Assigned task = Copy all entries without alteration and skip the pictures they hold.

Source records:
------------

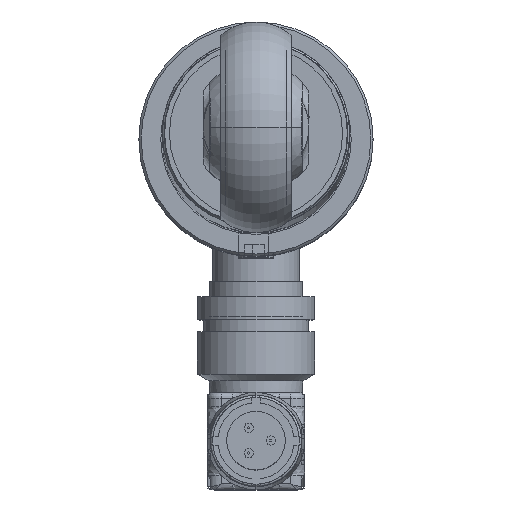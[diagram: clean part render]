
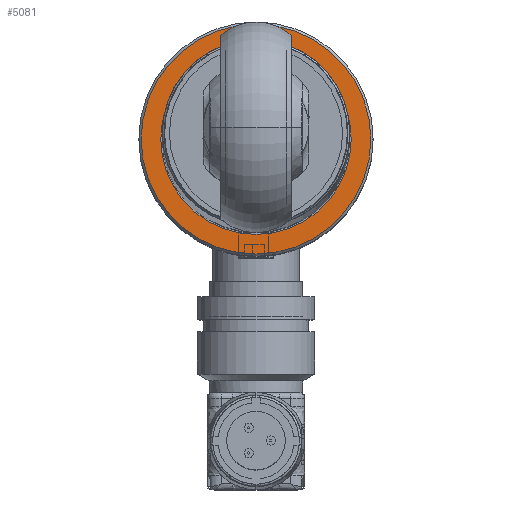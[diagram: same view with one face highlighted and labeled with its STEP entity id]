
A CAD part, top view. The second image highlights one B-rep face of the part: STEP entity #5081.
In plain terms, the highlighted planar face has unit normal (0, 0, 1).
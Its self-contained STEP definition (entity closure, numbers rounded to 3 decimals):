
#19 = DIRECTION ( 'NONE',  ( -1., 0., 0. ) ) ;
#22 = DIRECTION ( 'NONE',  ( 0., 0., 1. ) ) ;
#24 = CARTESIAN_POINT ( 'NONE',  ( 0., 0., -292.2 ) ) ;
#65 = CIRCLE ( 'NONE', #136, 8.125 ) ;
#132 = DIRECTION ( 'NONE',  ( -1., 0., 0. ) ) ;
#134 = DIRECTION ( 'NONE',  ( 0., 0., 1. ) ) ;
#135 = CARTESIAN_POINT ( 'NONE',  ( 0., 0., -292.2 ) ) ;
#136 = AXIS2_PLACEMENT_3D ( 'NONE', #135, #134, #132 ) ;
#393 = CIRCLE ( 'NONE', #484, 9.8 ) ;
#479 = DIRECTION ( 'NONE',  ( -1., 0., 0. ) ) ;
#481 = DIRECTION ( 'NONE',  ( 0., 0., 1. ) ) ;
#483 = CARTESIAN_POINT ( 'NONE',  ( 0., 0., -292.2 ) ) ;
#484 = AXIS2_PLACEMENT_3D ( 'NONE', #483, #481, #479 ) ;
#5075 = EDGE_LOOP ( 'NONE', ( #5143, #5108 ) ) ;
#5081 = ADVANCED_FACE ( 'NONE', ( #18774, #18770 ), #18762, .T. ) ;
#5095 = ORIENTED_EDGE ( 'NONE', *, *, #5099, .F. ) ;
#5099 = EDGE_CURVE ( 'NONE', #8808, #8776, #65, .T. ) ;
#5108 = ORIENTED_EDGE ( 'NONE', *, *, #8799, .T. ) ;
#5132 = ORIENTED_EDGE ( 'NONE', *, *, #8804, .F. ) ;
#5136 = EDGE_LOOP ( 'NONE', ( #5095, #5132 ) ) ;
#5143 = ORIENTED_EDGE ( 'NONE', *, *, #10284, .T. ) ;
#8776 = VERTEX_POINT ( 'NONE', #17166 ) ;
#8796 = VERTEX_POINT ( 'NONE', #17176 ) ;
#8799 = EDGE_CURVE ( 'NONE', #8796, #8805, #17254, .T. ) ;
#8804 = EDGE_CURVE ( 'NONE', #8776, #8808, #17248, .T. ) ;
#8805 = VERTEX_POINT ( 'NONE', #17246 ) ;
#8808 = VERTEX_POINT ( 'NONE', #17252 ) ;
#10284 = EDGE_CURVE ( 'NONE', #8805, #8796, #393, .T. ) ;
#17166 = CARTESIAN_POINT ( 'NONE',  ( 8.125, 0., -292.2 ) ) ;
#17176 = CARTESIAN_POINT ( 'NONE',  ( -9.8, 0., -292.2 ) ) ;
#17221 = AXIS2_PLACEMENT_3D ( 'NONE', #17251, #17250, #17249 ) ;
#17241 = DIRECTION ( 'NONE',  ( -1., 0., 0. ) ) ;
#17242 = DIRECTION ( 'NONE',  ( 0., 0., 1. ) ) ;
#17243 = CARTESIAN_POINT ( 'NONE',  ( 0., 0., -292.2 ) ) ;
#17244 = AXIS2_PLACEMENT_3D ( 'NONE', #17243, #17242, #17241 ) ;
#17246 = CARTESIAN_POINT ( 'NONE',  ( 9.8, 0., -292.2 ) ) ;
#17248 = CIRCLE ( 'NONE', #17244, 8.125 ) ;
#17249 = DIRECTION ( 'NONE',  ( -1., 0., 0. ) ) ;
#17250 = DIRECTION ( 'NONE',  ( 0., 0., 1. ) ) ;
#17251 = CARTESIAN_POINT ( 'NONE',  ( 0., 0., -292.2 ) ) ;
#17252 = CARTESIAN_POINT ( 'NONE',  ( -8.125, 0., -292.2 ) ) ;
#17254 = CIRCLE ( 'NONE', #17221, 9.8 ) ;
#18762 = PLANE ( 'NONE',  #18796 ) ;
#18770 = FACE_BOUND ( 'NONE', #5136, .T. ) ;
#18774 = FACE_OUTER_BOUND ( 'NONE', #5075, .T. ) ;
#18796 = AXIS2_PLACEMENT_3D ( 'NONE', #24, #22, #19 ) ;

------------

Solution =
[diagram: clean part render]
[diagram: same view with one face highlighted and labeled with its STEP entity id]
A CAD part, top view. The second image highlights one B-rep face of the part: STEP entity #5081.
In plain terms, the highlighted planar face has unit normal (0, 0, 1).
Its self-contained STEP definition (entity closure, numbers rounded to 3 decimals):
#19 = DIRECTION ( 'NONE',  ( -1., 0., 0. ) ) ;
#22 = DIRECTION ( 'NONE',  ( 0., 0., 1. ) ) ;
#24 = CARTESIAN_POINT ( 'NONE',  ( 0., 0., -292.2 ) ) ;
#65 = CIRCLE ( 'NONE', #136, 8.125 ) ;
#132 = DIRECTION ( 'NONE',  ( -1., 0., 0. ) ) ;
#134 = DIRECTION ( 'NONE',  ( 0., 0., 1. ) ) ;
#135 = CARTESIAN_POINT ( 'NONE',  ( 0., 0., -292.2 ) ) ;
#136 = AXIS2_PLACEMENT_3D ( 'NONE', #135, #134, #132 ) ;
#393 = CIRCLE ( 'NONE', #484, 9.8 ) ;
#479 = DIRECTION ( 'NONE',  ( -1., 0., 0. ) ) ;
#481 = DIRECTION ( 'NONE',  ( 0., 0., 1. ) ) ;
#483 = CARTESIAN_POINT ( 'NONE',  ( 0., 0., -292.2 ) ) ;
#484 = AXIS2_PLACEMENT_3D ( 'NONE', #483, #481, #479 ) ;
#5075 = EDGE_LOOP ( 'NONE', ( #5143, #5108 ) ) ;
#5081 = ADVANCED_FACE ( 'NONE', ( #18774, #18770 ), #18762, .T. ) ;
#5095 = ORIENTED_EDGE ( 'NONE', *, *, #5099, .F. ) ;
#5099 = EDGE_CURVE ( 'NONE', #8808, #8776, #65, .T. ) ;
#5108 = ORIENTED_EDGE ( 'NONE', *, *, #8799, .T. ) ;
#5132 = ORIENTED_EDGE ( 'NONE', *, *, #8804, .F. ) ;
#5136 = EDGE_LOOP ( 'NONE', ( #5095, #5132 ) ) ;
#5143 = ORIENTED_EDGE ( 'NONE', *, *, #10284, .T. ) ;
#8776 = VERTEX_POINT ( 'NONE', #17166 ) ;
#8796 = VERTEX_POINT ( 'NONE', #17176 ) ;
#8799 = EDGE_CURVE ( 'NONE', #8796, #8805, #17254, .T. ) ;
#8804 = EDGE_CURVE ( 'NONE', #8776, #8808, #17248, .T. ) ;
#8805 = VERTEX_POINT ( 'NONE', #17246 ) ;
#8808 = VERTEX_POINT ( 'NONE', #17252 ) ;
#10284 = EDGE_CURVE ( 'NONE', #8805, #8796, #393, .T. ) ;
#17166 = CARTESIAN_POINT ( 'NONE',  ( 8.125, 0., -292.2 ) ) ;
#17176 = CARTESIAN_POINT ( 'NONE',  ( -9.8, 0., -292.2 ) ) ;
#17221 = AXIS2_PLACEMENT_3D ( 'NONE', #17251, #17250, #17249 ) ;
#17241 = DIRECTION ( 'NONE',  ( -1., 0., 0. ) ) ;
#17242 = DIRECTION ( 'NONE',  ( 0., 0., 1. ) ) ;
#17243 = CARTESIAN_POINT ( 'NONE',  ( 0., 0., -292.2 ) ) ;
#17244 = AXIS2_PLACEMENT_3D ( 'NONE', #17243, #17242, #17241 ) ;
#17246 = CARTESIAN_POINT ( 'NONE',  ( 9.8, 0., -292.2 ) ) ;
#17248 = CIRCLE ( 'NONE', #17244, 8.125 ) ;
#17249 = DIRECTION ( 'NONE',  ( -1., 0., 0. ) ) ;
#17250 = DIRECTION ( 'NONE',  ( 0., 0., 1. ) ) ;
#17251 = CARTESIAN_POINT ( 'NONE',  ( 0., 0., -292.2 ) ) ;
#17252 = CARTESIAN_POINT ( 'NONE',  ( -8.125, 0., -292.2 ) ) ;
#17254 = CIRCLE ( 'NONE', #17221, 9.8 ) ;
#18762 = PLANE ( 'NONE',  #18796 ) ;
#18770 = FACE_BOUND ( 'NONE', #5136, .T. ) ;
#18774 = FACE_OUTER_BOUND ( 'NONE', #5075, .T. ) ;
#18796 = AXIS2_PLACEMENT_3D ( 'NONE', #24, #22, #19 ) ;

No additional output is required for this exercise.